煌びやかな世界が広がっていて、ついいつかのホテルを思い出した。あの場所ほど特別な空間という訳ではないけれど、大会社の上層部や有名タレントの顔がちらほら見える。あんな場所に一度足を踏み入れているので、比較的落ち着いていられた。経験とは役に立つものだ。
本来私が来るべき場所ではなかったけれど、いろいろとあって急遽上司と共に取引先の主催パーティに来ていた。基本的に上司の隣でにこにこと微笑んでいるだけのお仕事だ。簡単ではあるけれど、決して向いてはいない。
「みょうじ、疲れたか?」
「いえ、大丈夫です」
パーティも終盤だ。あと少し、と視界の隅で時計を確認した。都合の悪くなった先輩の代わりを自ら名乗り出たものの、実はあまり体調が良くなかった。そしてここに来て、明らかに悪化している。

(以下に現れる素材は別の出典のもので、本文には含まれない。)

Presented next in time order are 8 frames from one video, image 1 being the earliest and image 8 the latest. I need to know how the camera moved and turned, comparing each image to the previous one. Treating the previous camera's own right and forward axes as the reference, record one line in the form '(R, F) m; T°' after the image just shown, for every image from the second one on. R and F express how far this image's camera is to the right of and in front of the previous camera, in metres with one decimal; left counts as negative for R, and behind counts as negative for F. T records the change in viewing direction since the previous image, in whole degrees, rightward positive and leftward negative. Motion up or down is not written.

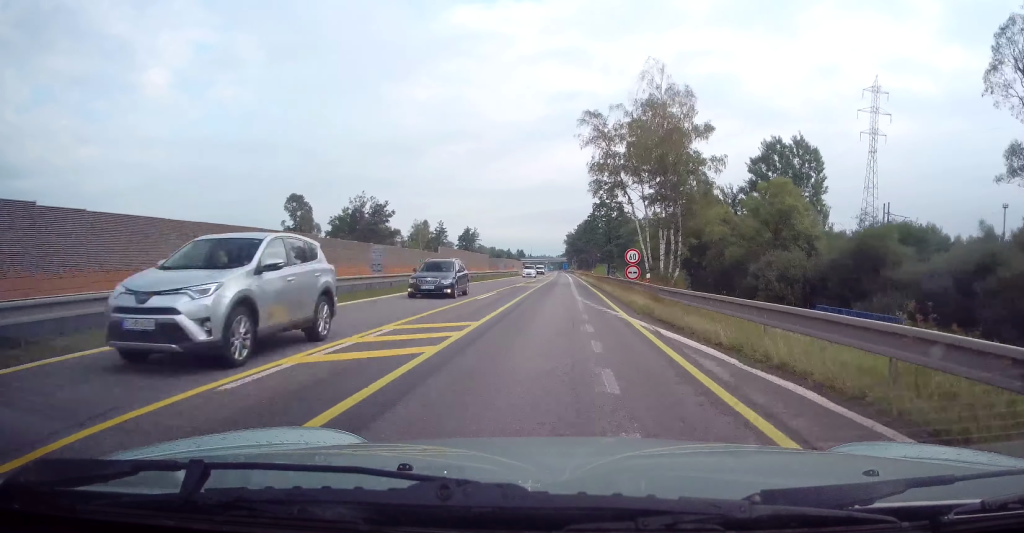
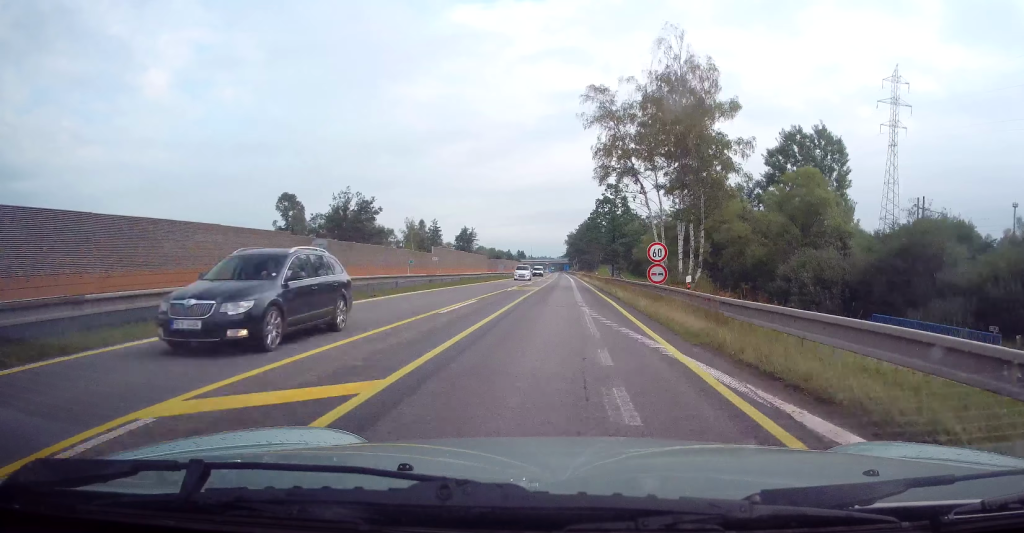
(-0.1, +7.3) m; 0°
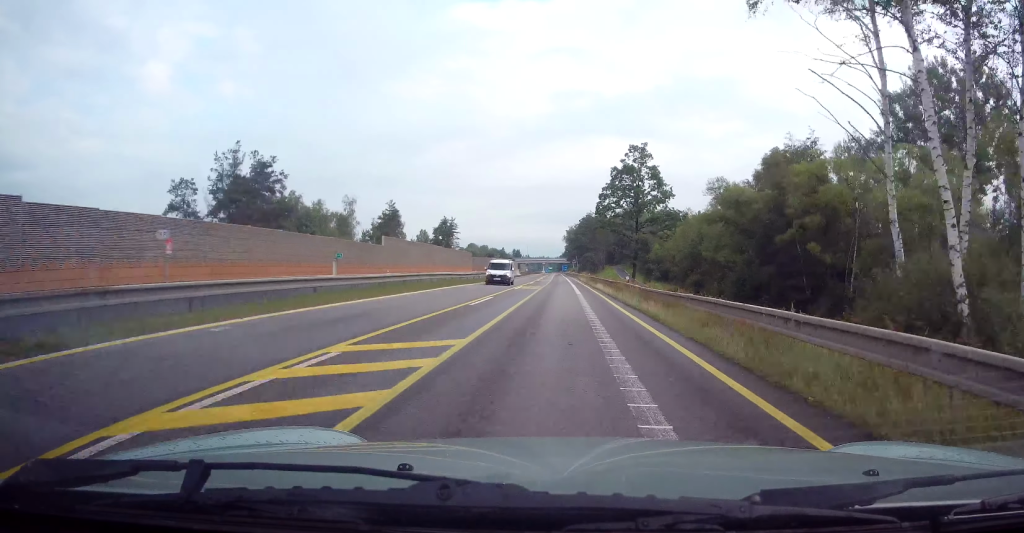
(0.0, +30.5) m; 0°
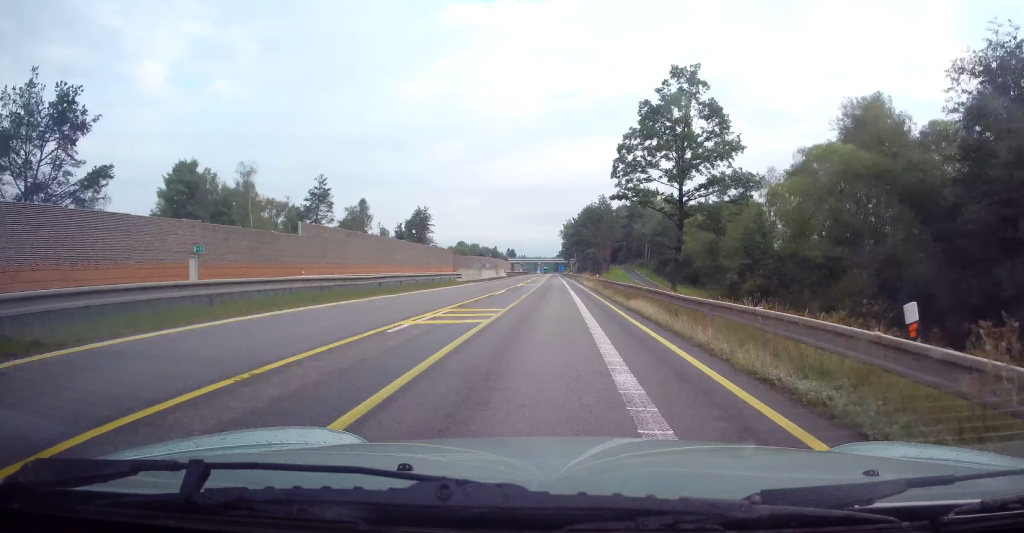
(+0.4, +26.7) m; 0°
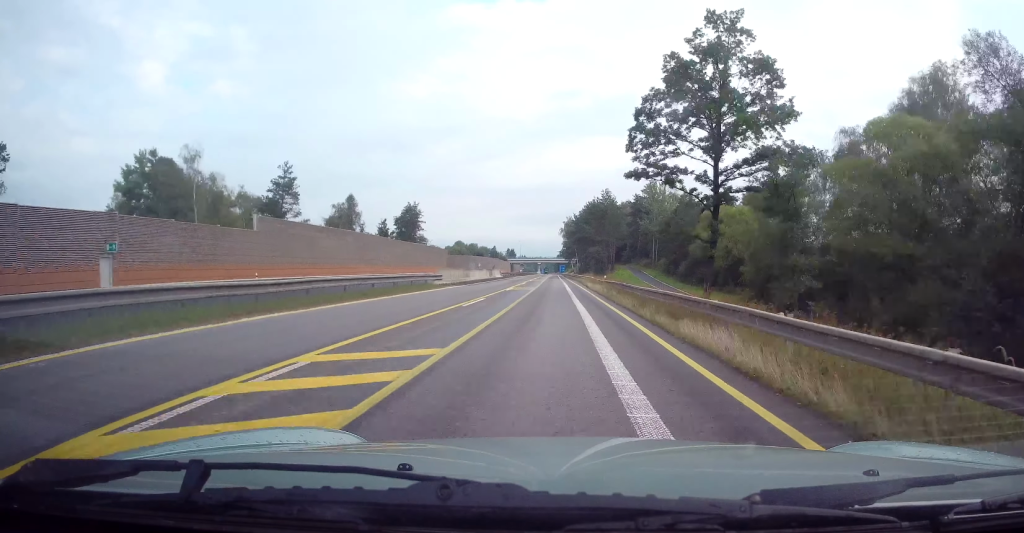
(0.0, +9.2) m; 0°
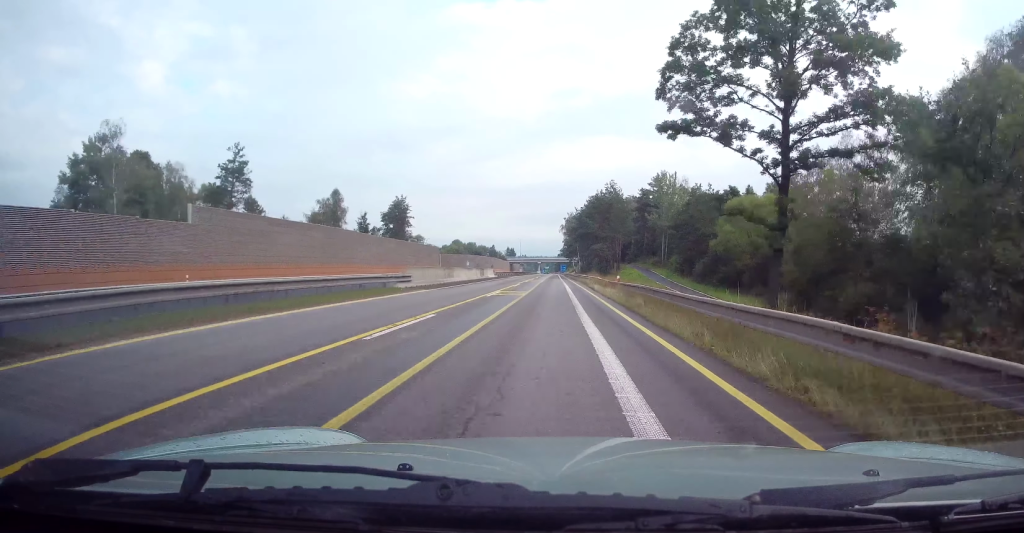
(-0.2, +9.9) m; 0°
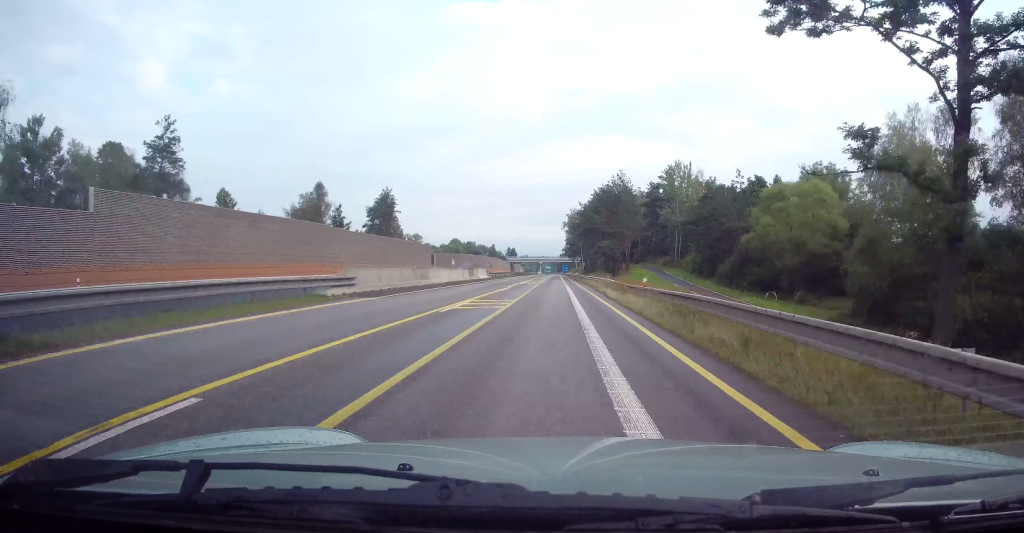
(0.0, +10.5) m; 0°
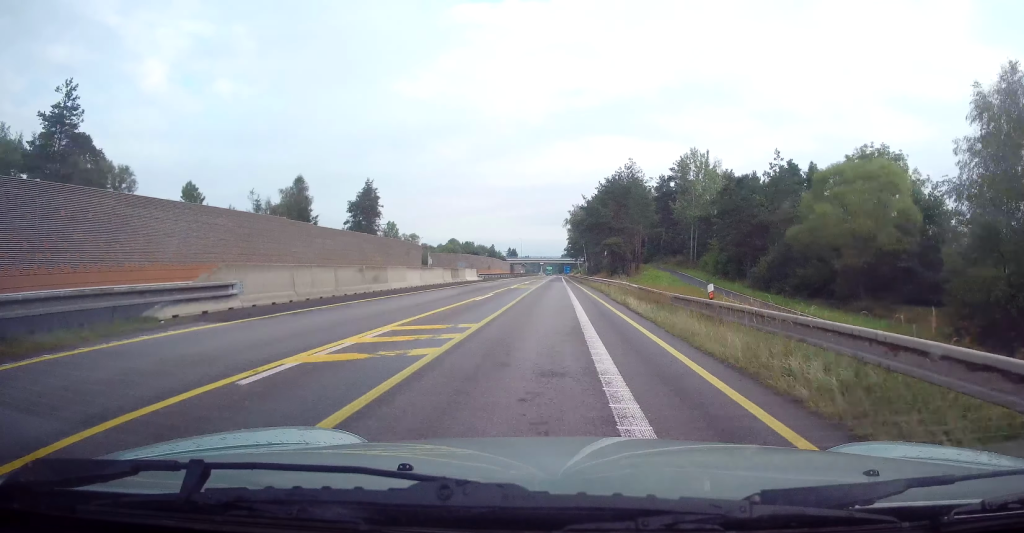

「大方挨拶も済んだし、飽きたら適当なところで帰ってもいいぞ」
「そんなわけにはいきません」
「はは、大丈夫だよ。まあ俺としてはお前を連れて歩けるのは嬉しいけど」
彼はそう笑った。社交の場での男女は、お互いがお互いのアクセサリーみたいだな、と思う。こういったビジネスの場では特にそうだろう。どんな人と一緒にいるかで印象は変わる。そう思うと、来られなかった先輩は確かに適役だった。私が男なら、彼女が隣にいるとちょっと誇らしい気持ちになるだろう。彼女は上品な見た目だが明るくよく笑う。
「みょうじはここ一年くらいで急に綺麗になったよな」
「そうですか?」
「ああ、フロアでたまに噂になるぞ。恋人でも出来たのかって焦ってる」
「…好きな人ならいます」
上司は少し驚いた顔をした。
私はあの銀色の髪と瞳を思い出す。数ヶ月に一度姿を現わす彼との関係は三年ほど続いていた。以前より忙しいのか、会う頻度で言えば増えてはいるが、会える時間は短いことが多い。ひどいと、キスひとつしてそのまま去っていく。最近は小さく安心したような息を吐いて行くことに気付いて、それでもそういうところを可愛く思えてきてしまっている。私はもう疑いようもなく彼に好意を抱いていた。
「お前もそういう顔するんだな」
「そういう、とは」
「んー、恋する女の顔?」
上司はそう笑ってから、水取ってくる、とテーブルを離れた。私は、自分の顔を手のひらで触る。変な顔、してただろうか、恥ずかしい。
そのまま、小さく息を吐く。体温が上がってる。
「、…」
視界の隅に黒い人影がよぎった。顔を上げて咄嗟に目で追う。黒のハットにサングラス、黒のシャツに黒のスーツ。ジンの車を運転していた彼だ。彼の後ろ姿は、パーティ会場から出ていく。
「大丈夫か、ぼーっとして」
「あ、すみません。ちょっと席外しますね」
戻ってきた上司と入れ替わりで席を離れ、パーティを抜けた。彼がいるということは、ジンもどこかにいるんだろうか。そう思ったらじっとしていられなかった。ただ、体はだるく重い。さらに熱が上がってる。
彼の向かったであろう方向に歩いてみたものの、彼の姿を見失ってしまった。見間違いでは、なかったはずだけれど。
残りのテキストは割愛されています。